Ein Heliumballon schwebt über dem ewigen Eis der Antarktis, in fast 40 Kilometern Höhe. Daran befestigt: ein wissenschaftliches Instrument namens „Anita“, kurz für „Antarctic Impulsive Transient Antenna“. Es ist eine von der Nasa finanzierte Antennenanlage, mit der ein Forscherteam eigentlich kosmische Teilchen einfangen will, die aus dem All kommen und in der Eisdecke der Antarktis Spuren hinterlassen.
Was dieses Gerät nun gemessen hat, sorgt in der internationalen Wissenschaftsgemeinschaft für Stirnrunzeln. „Anita“ registrierte Signale, die offenbar von subatomaren Teilchen stammen. Sie kamen aus einer Richtung, aus der laut herrschender Physik gar nichts kommen dürfte.
Eigentlich soll die Antenne sogenannte Neutrinos aufspüren: winzige, elektrisch neutrale Teilchen, die zu Milliarden durch alles hindurchfliegen, auch durch Menschen, Planeten, ganze Galaxien. Sie stammen von Supernovae, Schwarzen Löchern oder anderen hochenergetischen Ereignissen im Universum. Wenn sie auf das Eis der Antarktis treffen, lösen sie dort Kettenreaktionen aus, die Radiowellen erzeugen.
Teilchen aus der Tiefe
Doch die Radioimpulse, die „Anita“ registrierte, kamen offenbar aus der Tiefe: aus einem steilen Winkel unterhalb der Eisoberfläche, der darauf hindeutet, dass die Teilchen zuvor Tausende Kilometer Gestein durchquert haben. Laut den bekannten Gesetzen der Physik hätten sie absorbiert werden müssen. „Das Radiosignal hätte verschwinden müssen“, sagt die Physikerin Stephanie Wissel vom „Anita“-Team.
Das „Anita“-Experiment dient einem der großen Ziele der Grundlagenforschung: zu verstehen, wie das Universum im Innersten funktioniert. Neutrinos gelten dabei als ideale Boten. Sie durchqueren das All fast unbeeinflusst und tragen Informationen aus Regionen zu uns, die kein Licht erreichen kann, aus dem Inneren Schwarzer Löcher oder aus den frühesten Momenten nach dem Urknall.
Doch das nun empfangene Signal passt in kein bekanntes Muster. Andere Teilchendetektoren wie „IceCube“ in der Antarktis oder das Pierre-Auger-Observatorium in Argentinien konnten es nicht bestätigen. Ein Messfehler scheint allerdings ebenfalls unwahrscheinlich.

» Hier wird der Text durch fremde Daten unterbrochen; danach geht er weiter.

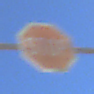
Verkehrszeichen: Stop
Umgebung: Outdoor, RoadRail
Tageszeit: MorningAfternoon
Wetter: Clear
Licht: Natural
Jahreszeit: NotSpecified
Kontrast: HighContrast
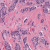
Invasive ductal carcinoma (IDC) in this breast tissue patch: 1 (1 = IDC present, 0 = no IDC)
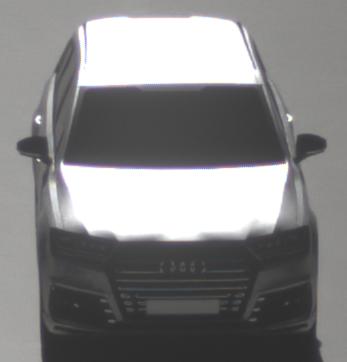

Nachfolgeexperiment soll das Rätsel klären
Einige Wissenschaftler spekulieren: Möglicherweise handelt es sich um unbekannte Teilchen, gar um Hinweise auf sogenannte neue Physik. Denkbar wären exotische Materieformen wie dunkle Materie oder bisher unbekannte Wechselwirkungen zwischen Teilchen.